[[ MATERIALS PROVIDED, beginning ]]

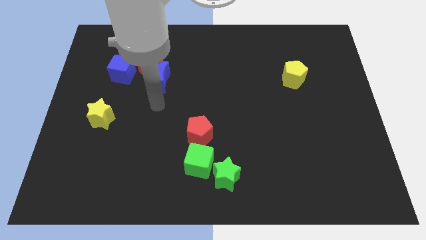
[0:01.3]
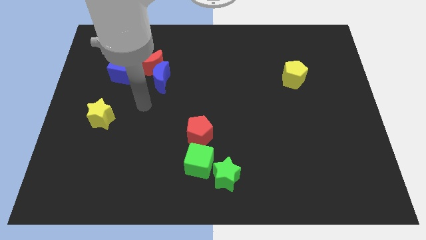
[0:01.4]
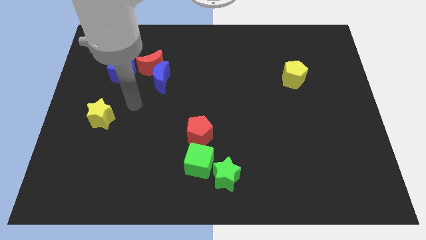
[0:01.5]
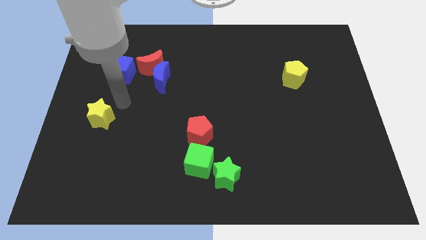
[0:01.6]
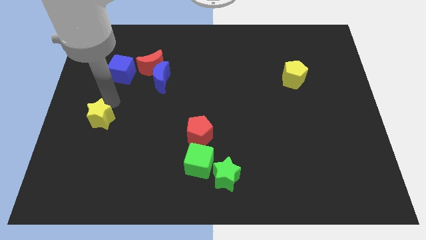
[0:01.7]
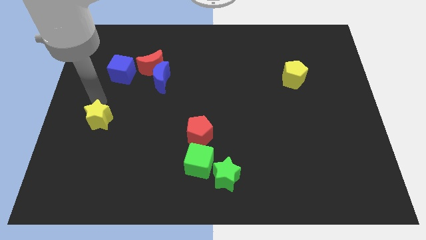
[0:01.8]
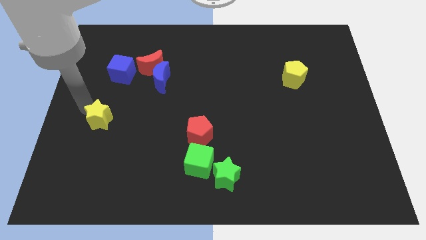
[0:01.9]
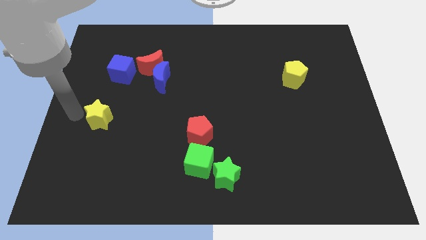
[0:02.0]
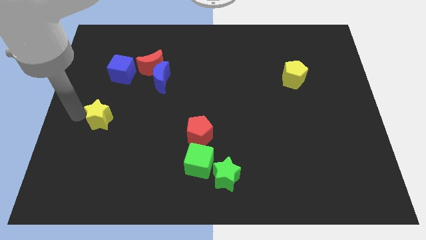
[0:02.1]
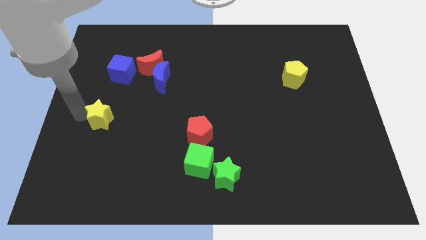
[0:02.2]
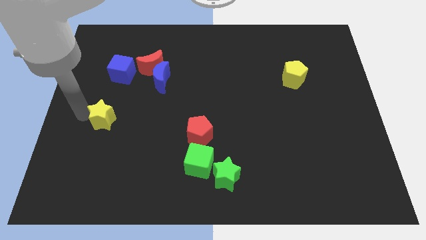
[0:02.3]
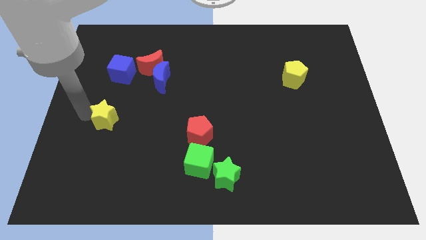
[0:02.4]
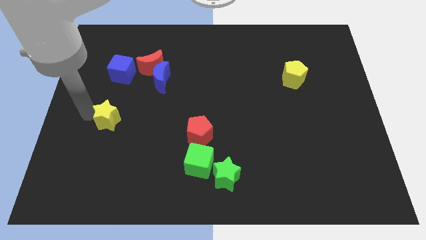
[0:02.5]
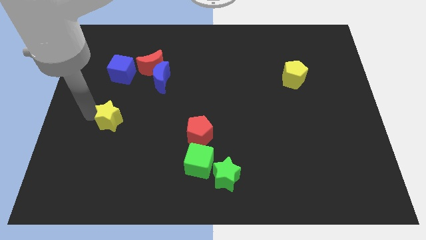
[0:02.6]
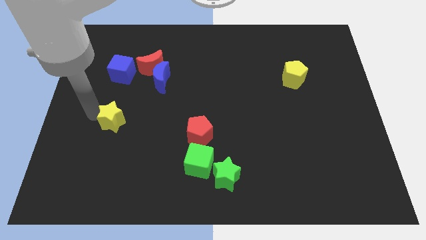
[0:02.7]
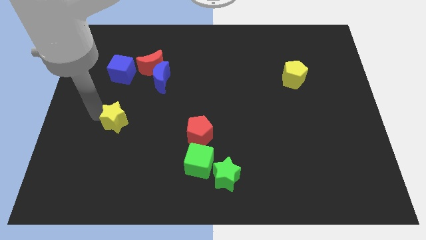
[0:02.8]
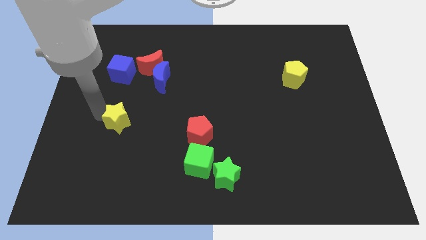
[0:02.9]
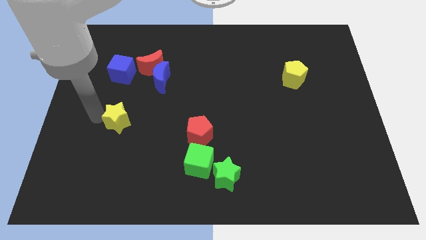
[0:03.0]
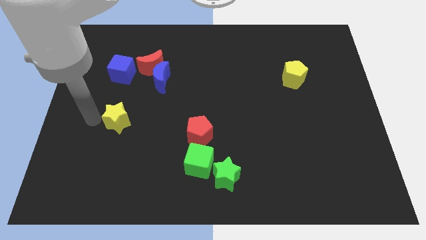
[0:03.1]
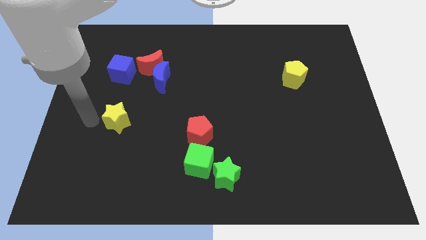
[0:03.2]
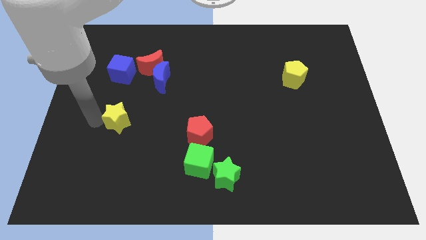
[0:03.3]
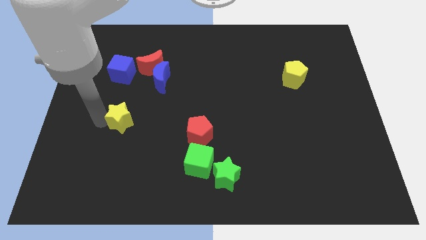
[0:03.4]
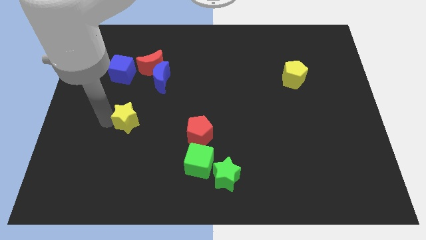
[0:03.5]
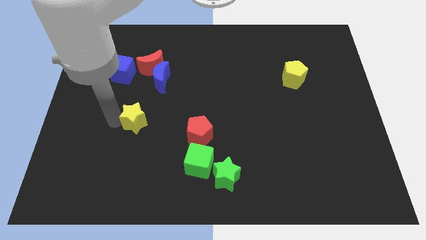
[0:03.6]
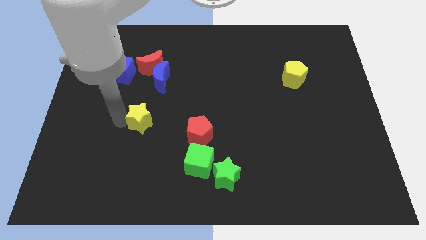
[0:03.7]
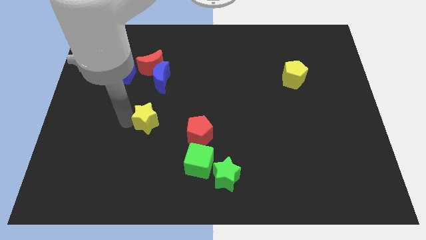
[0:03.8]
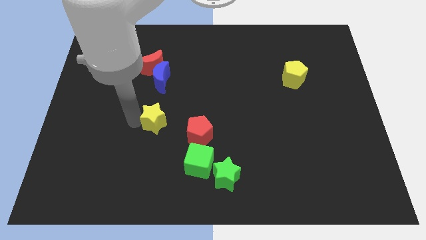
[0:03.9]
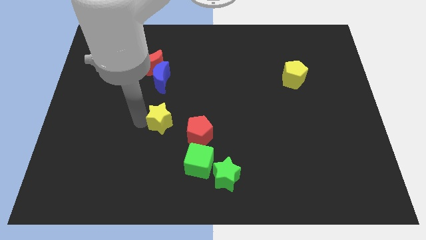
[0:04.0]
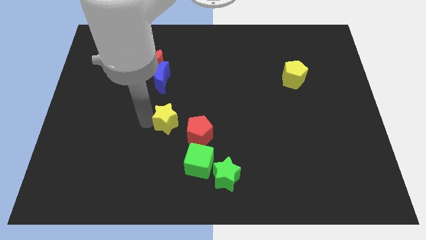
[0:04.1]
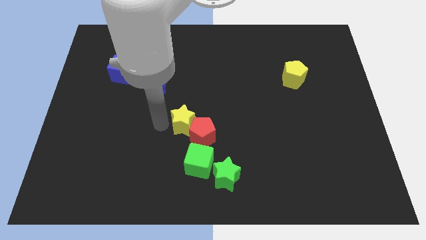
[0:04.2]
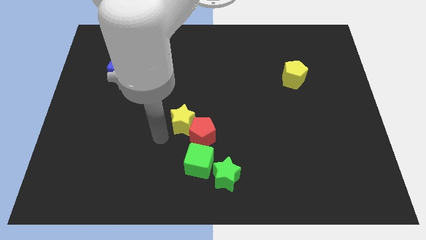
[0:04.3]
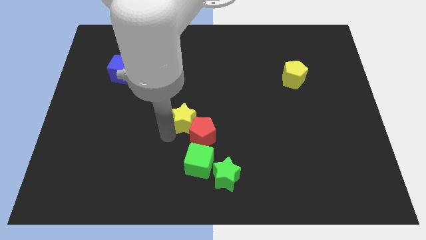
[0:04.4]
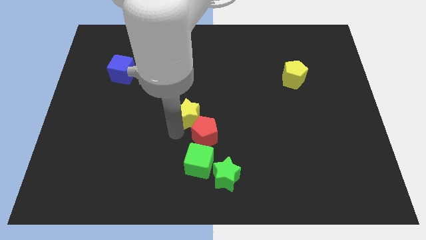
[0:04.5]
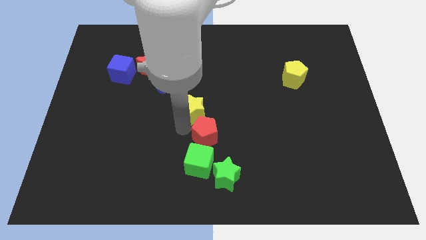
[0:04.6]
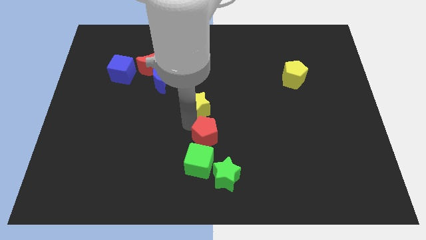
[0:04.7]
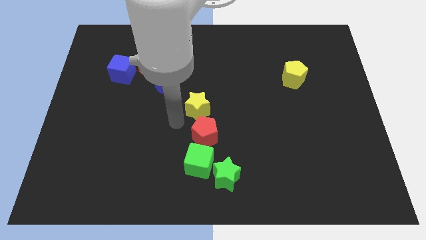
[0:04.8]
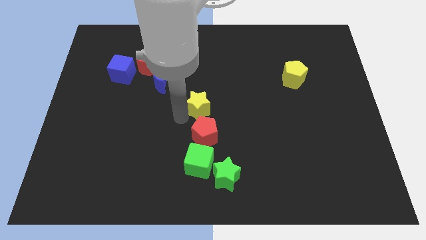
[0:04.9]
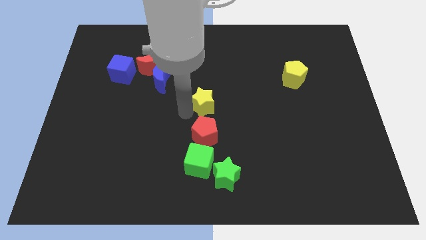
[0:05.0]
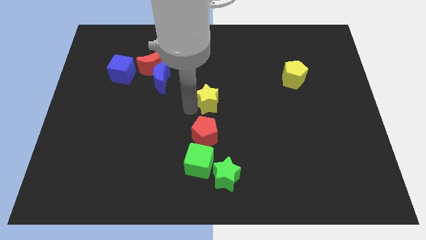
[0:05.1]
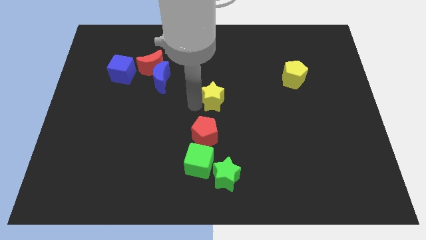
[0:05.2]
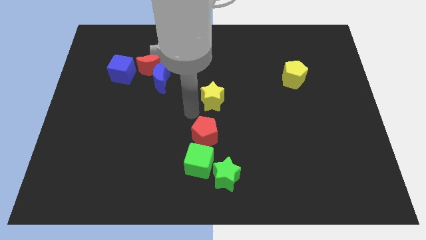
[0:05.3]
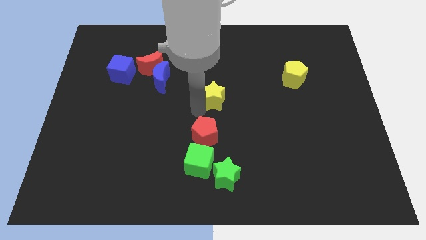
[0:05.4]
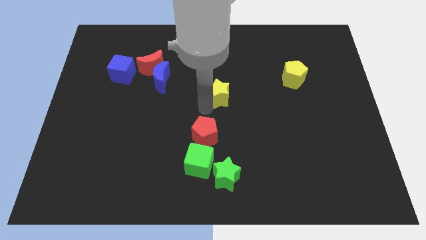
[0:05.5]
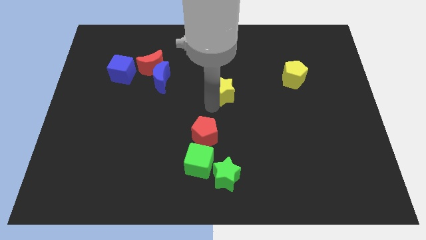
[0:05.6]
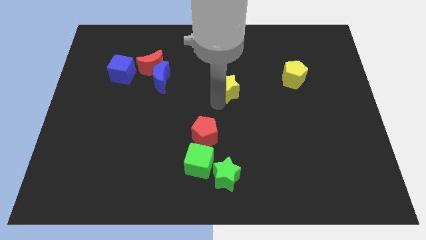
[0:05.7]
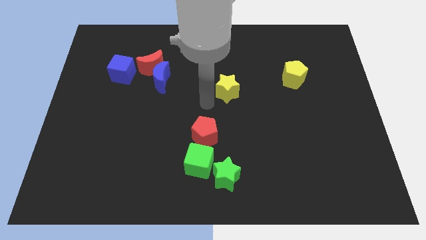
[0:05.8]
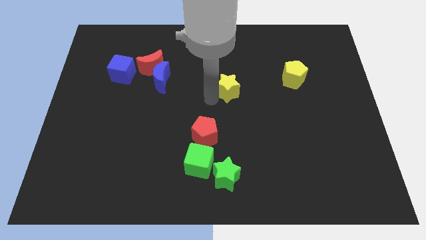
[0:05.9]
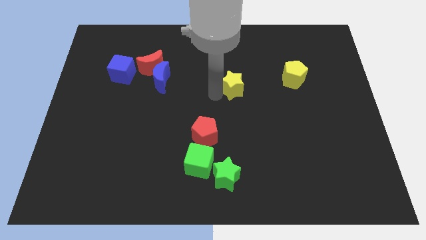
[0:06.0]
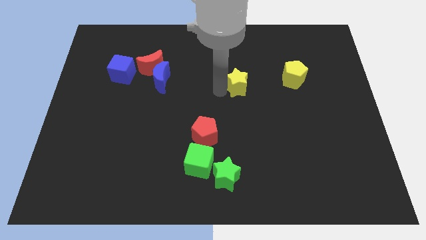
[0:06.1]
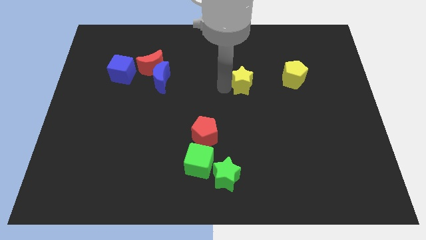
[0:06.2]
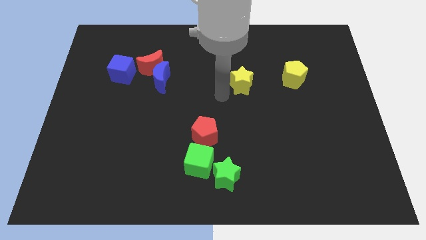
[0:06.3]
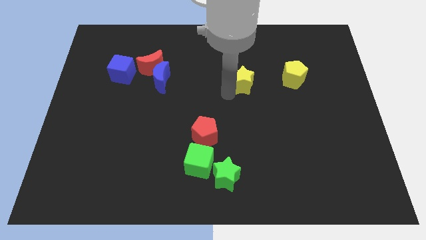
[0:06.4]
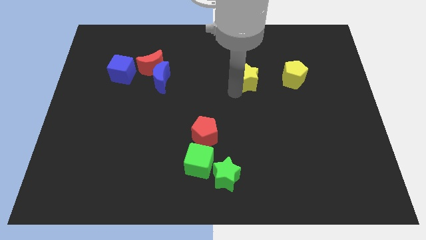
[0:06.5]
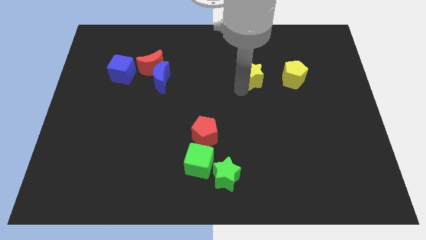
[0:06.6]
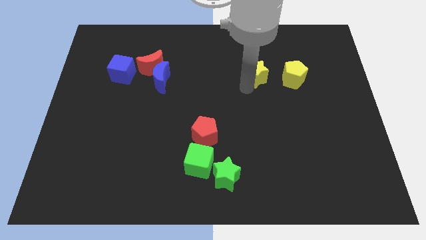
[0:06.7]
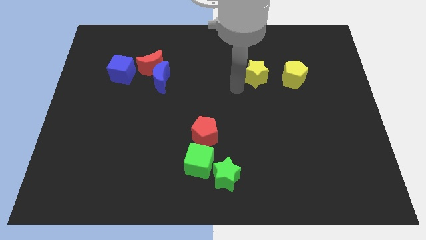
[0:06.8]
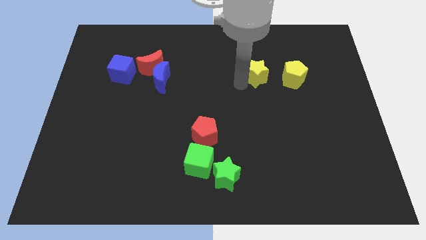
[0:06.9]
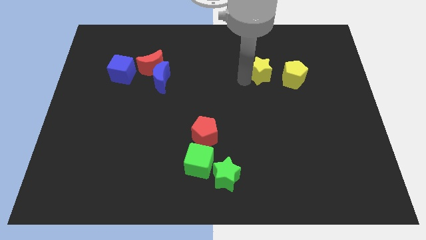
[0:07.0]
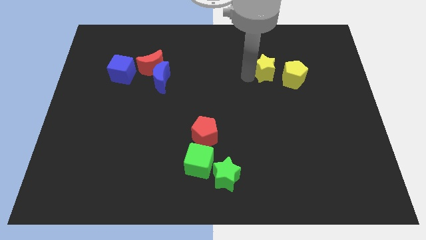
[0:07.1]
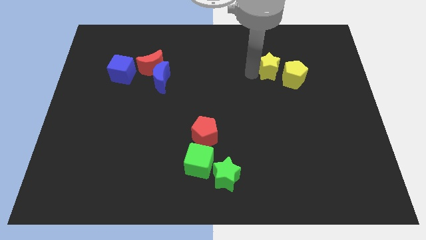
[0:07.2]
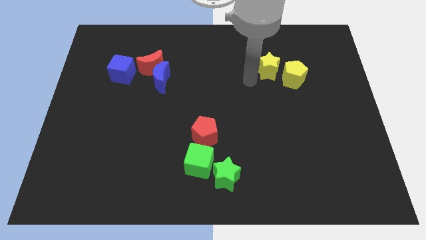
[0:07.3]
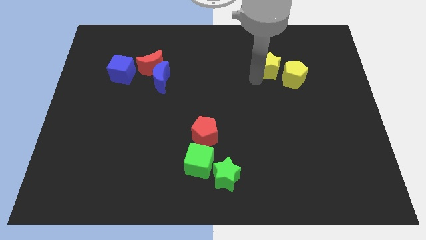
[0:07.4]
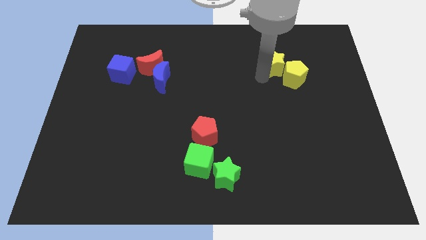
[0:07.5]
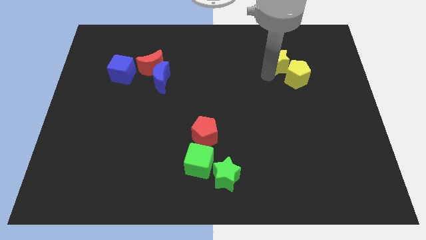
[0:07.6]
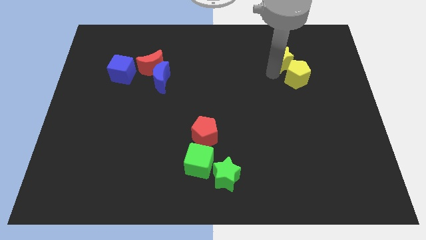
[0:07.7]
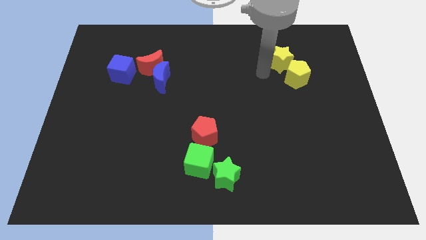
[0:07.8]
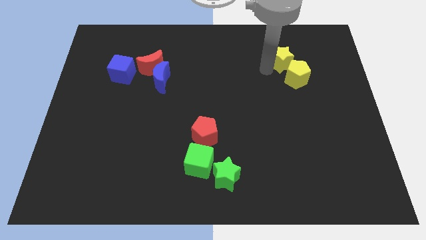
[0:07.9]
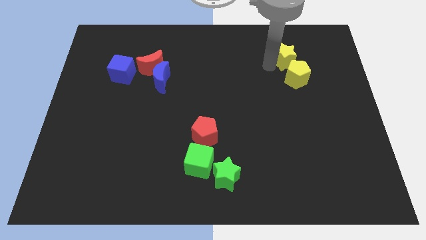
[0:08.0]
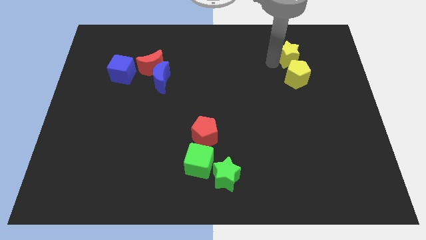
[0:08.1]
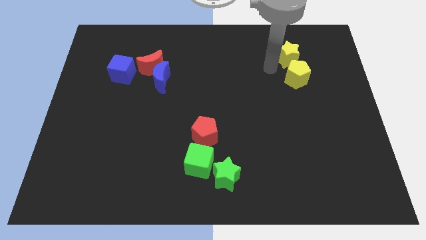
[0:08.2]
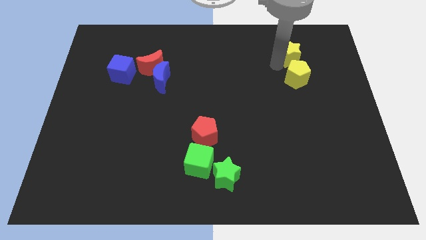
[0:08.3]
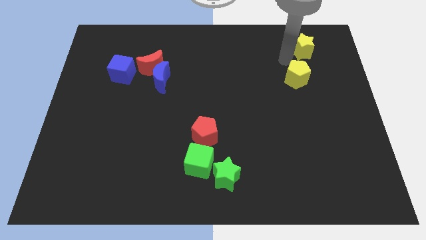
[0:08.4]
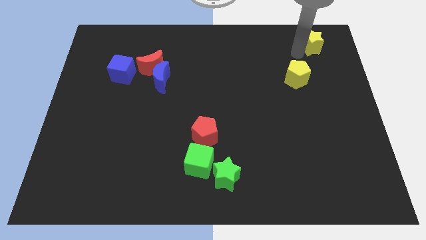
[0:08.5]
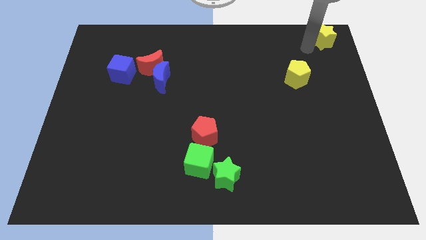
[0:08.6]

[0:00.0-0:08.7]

[[ MATERIALS PROVIDED, end ]]

◆ ABOUT THIS EXERCISE ◆
Please print each entry exactly as it stands, without the pictures.

◆ EXPECTED ANSWER ◆
[0:01.3]
[0:01.4]
[0:01.5]
[0:01.6]
[0:01.7]
[0:01.8]
[0:01.9]
[0:02.0]
[0:02.1]
[0:02.2]
[0:02.3]
[0:02.4]
[0:02.5]
[0:02.6]
[0:02.7]
[0:02.8]
[0:02.9]
[0:03.0]
[0:03.1]
[0:03.2]
[0:03.3]
[0:03.4]
[0:03.5]
[0:03.6]
[0:03.7]
[0:03.8]
[0:03.9]
[0:04.0]
[0:04.1]
[0:04.2]
[0:04.3]
[0:04.4]
[0:04.5]
[0:04.6]
[0:04.7]
[0:04.8]
[0:04.9]
[0:05.0]
[0:05.1]
[0:05.2]
[0:05.3]
[0:05.4]
[0:05.5]
[0:05.6]
[0:05.7]
[0:05.8]
[0:05.9]
[0:06.0]
[0:06.1]
[0:06.2]
[0:06.3]
[0:06.4]
[0:06.5]
[0:06.6]
[0:06.7]
[0:06.8]
[0:06.9]
[0:07.0]
[0:07.1]
[0:07.2]
[0:07.3]
[0:07.4]
[0:07.5]
[0:07.6]
[0:07.7]
[0:07.8]
[0:07.9]
[0:08.0]
[0:08.1]
[0:08.2]
[0:08.3]
[0:08.4]
[0:08.5]
[0:08.6]

[0:00.0-0:08.7]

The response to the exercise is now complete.